# INSTRUCTIONS FOR THE TASK
Write out every entry exactly; the pictures do not belong in the copy.

—————

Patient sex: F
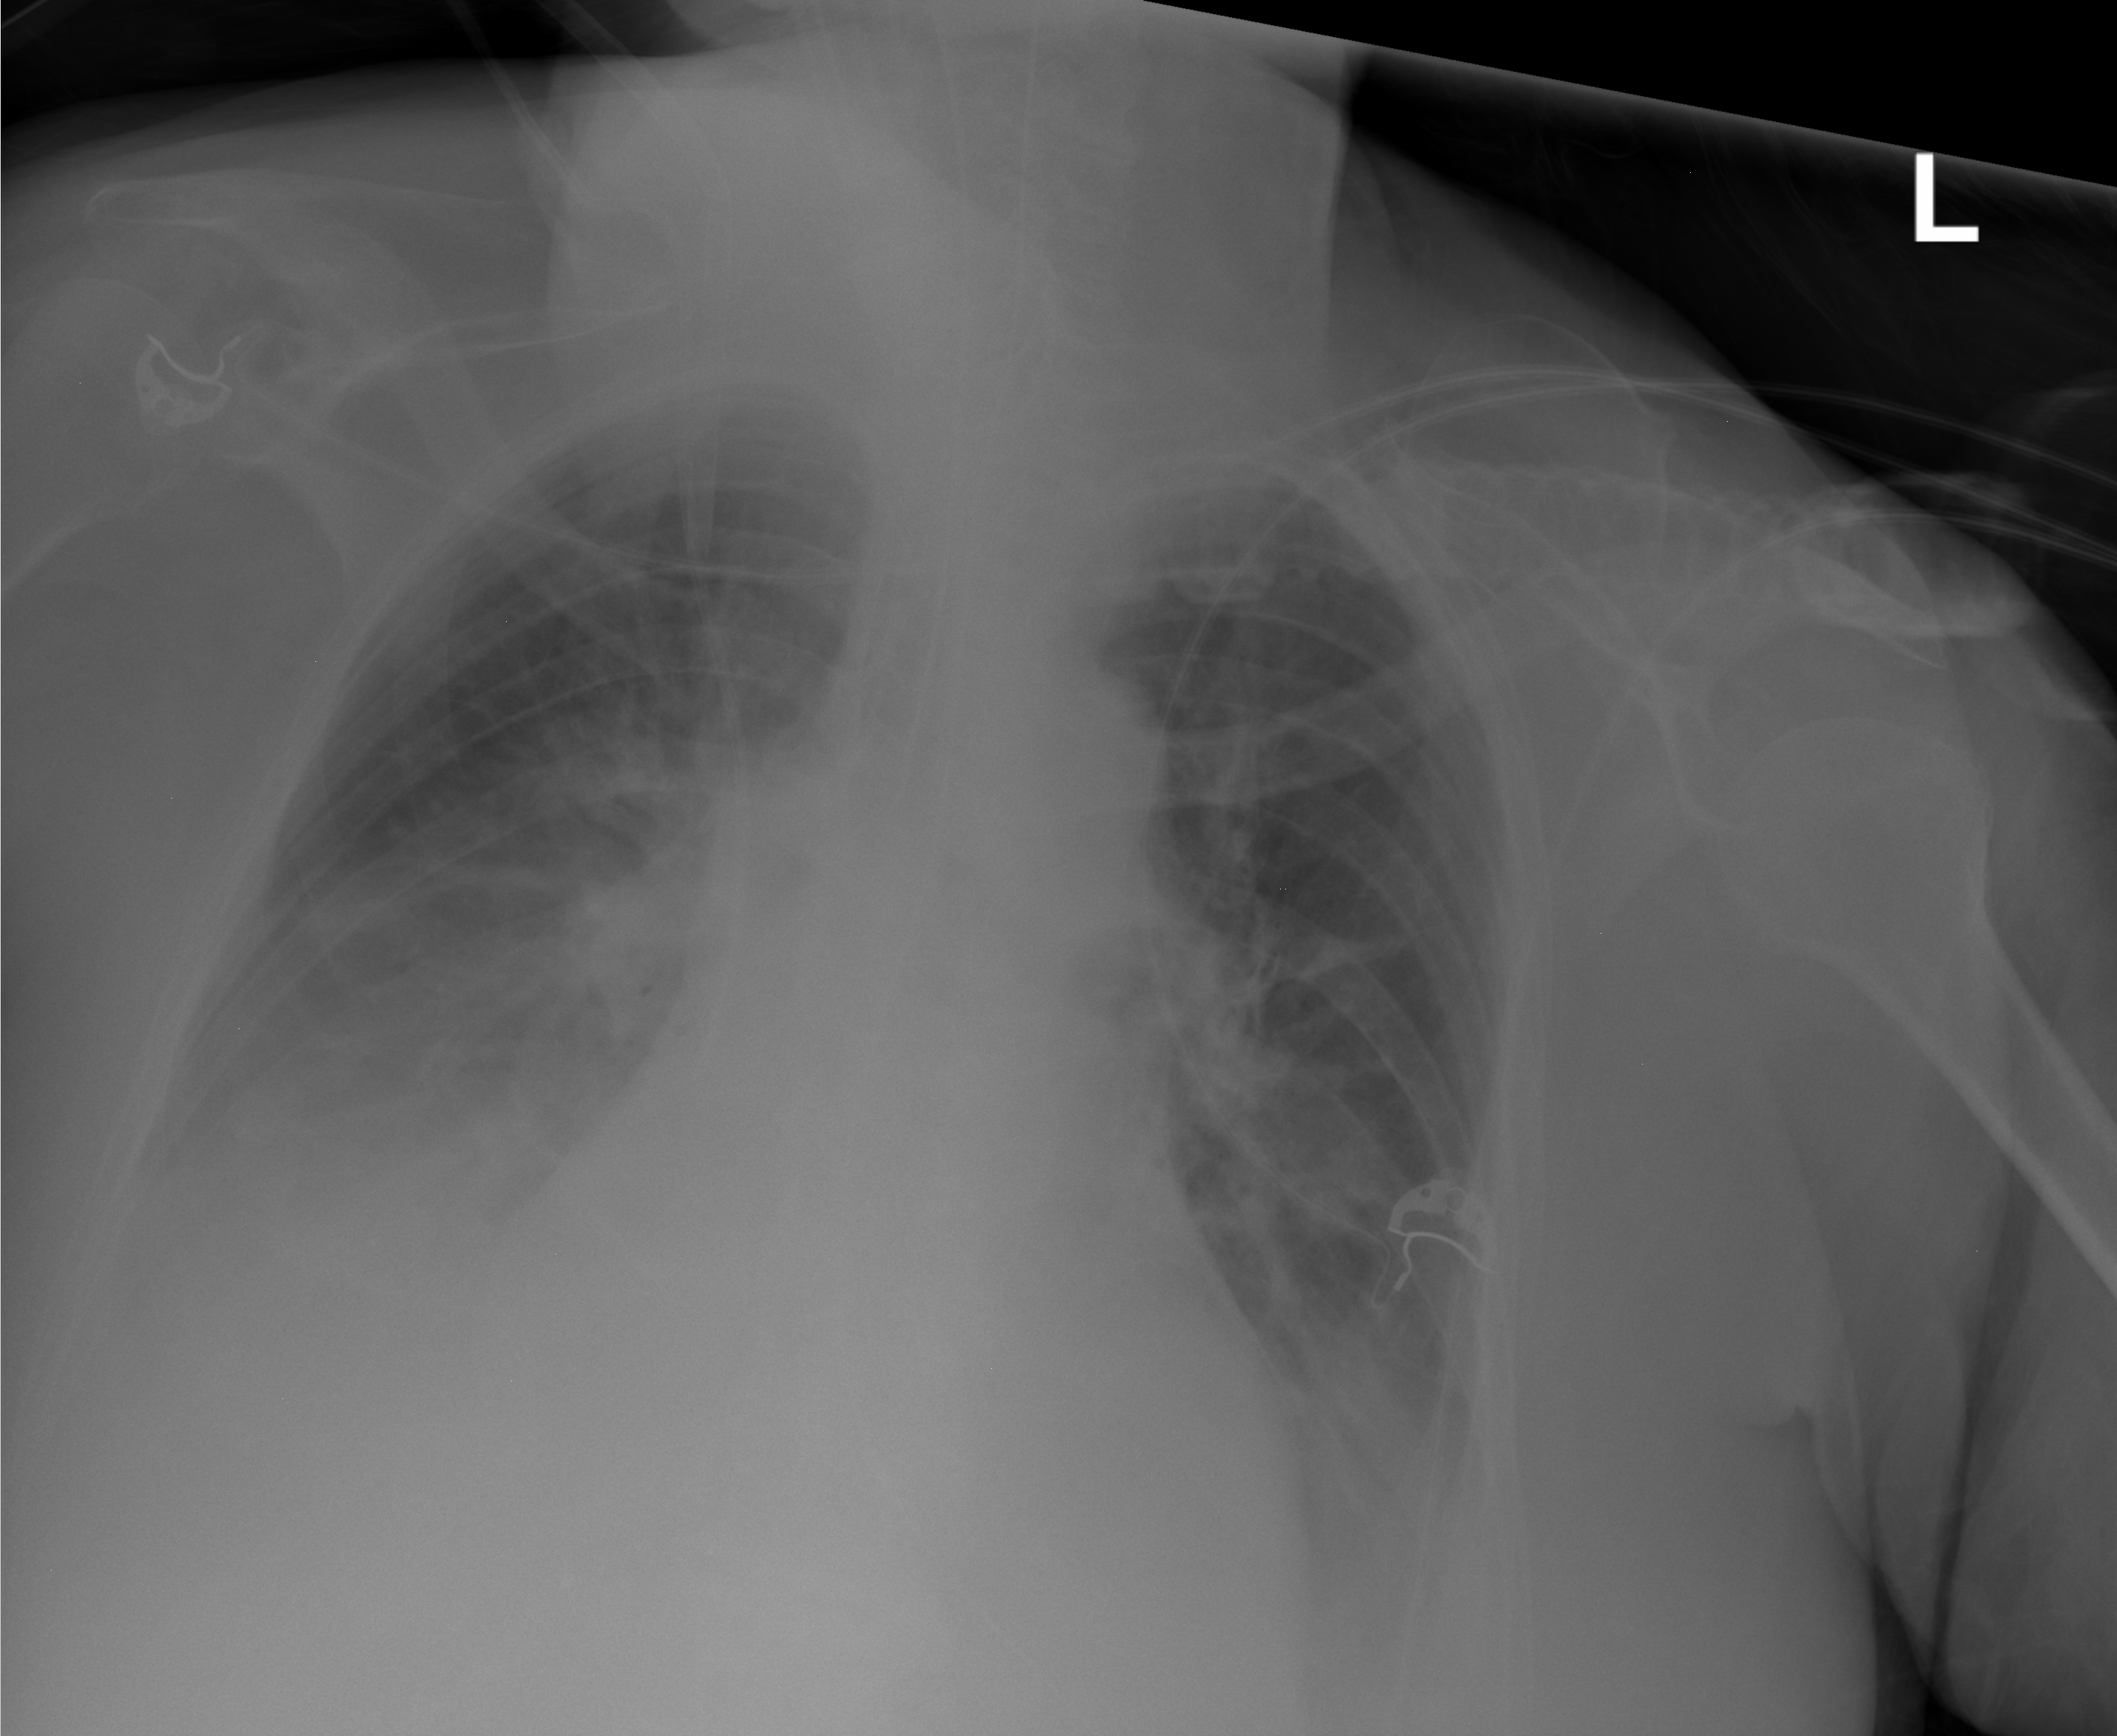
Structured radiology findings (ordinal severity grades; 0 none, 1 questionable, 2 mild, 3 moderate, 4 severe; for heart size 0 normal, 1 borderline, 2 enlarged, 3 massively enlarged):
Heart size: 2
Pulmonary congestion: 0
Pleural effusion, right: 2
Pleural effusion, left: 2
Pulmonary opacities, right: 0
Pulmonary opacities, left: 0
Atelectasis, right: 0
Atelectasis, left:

—————

# WRITTEN RESPONSE
Patient sex: F
Structured radiology findings (ordinal severity grades; 0 none, 1 questionable, 2 mild, 3 moderate, 4 severe; for heart size 0 normal, 1 borderline, 2 enlarged, 3 massively enlarged):
Heart size: 2
Pulmonary congestion: 0
Pleural effusion, right: 2
Pleural effusion, left: 2
Pulmonary opacities, right: 0
Pulmonary opacities, left: 0
Atelectasis, right: 0
Atelectasis, left:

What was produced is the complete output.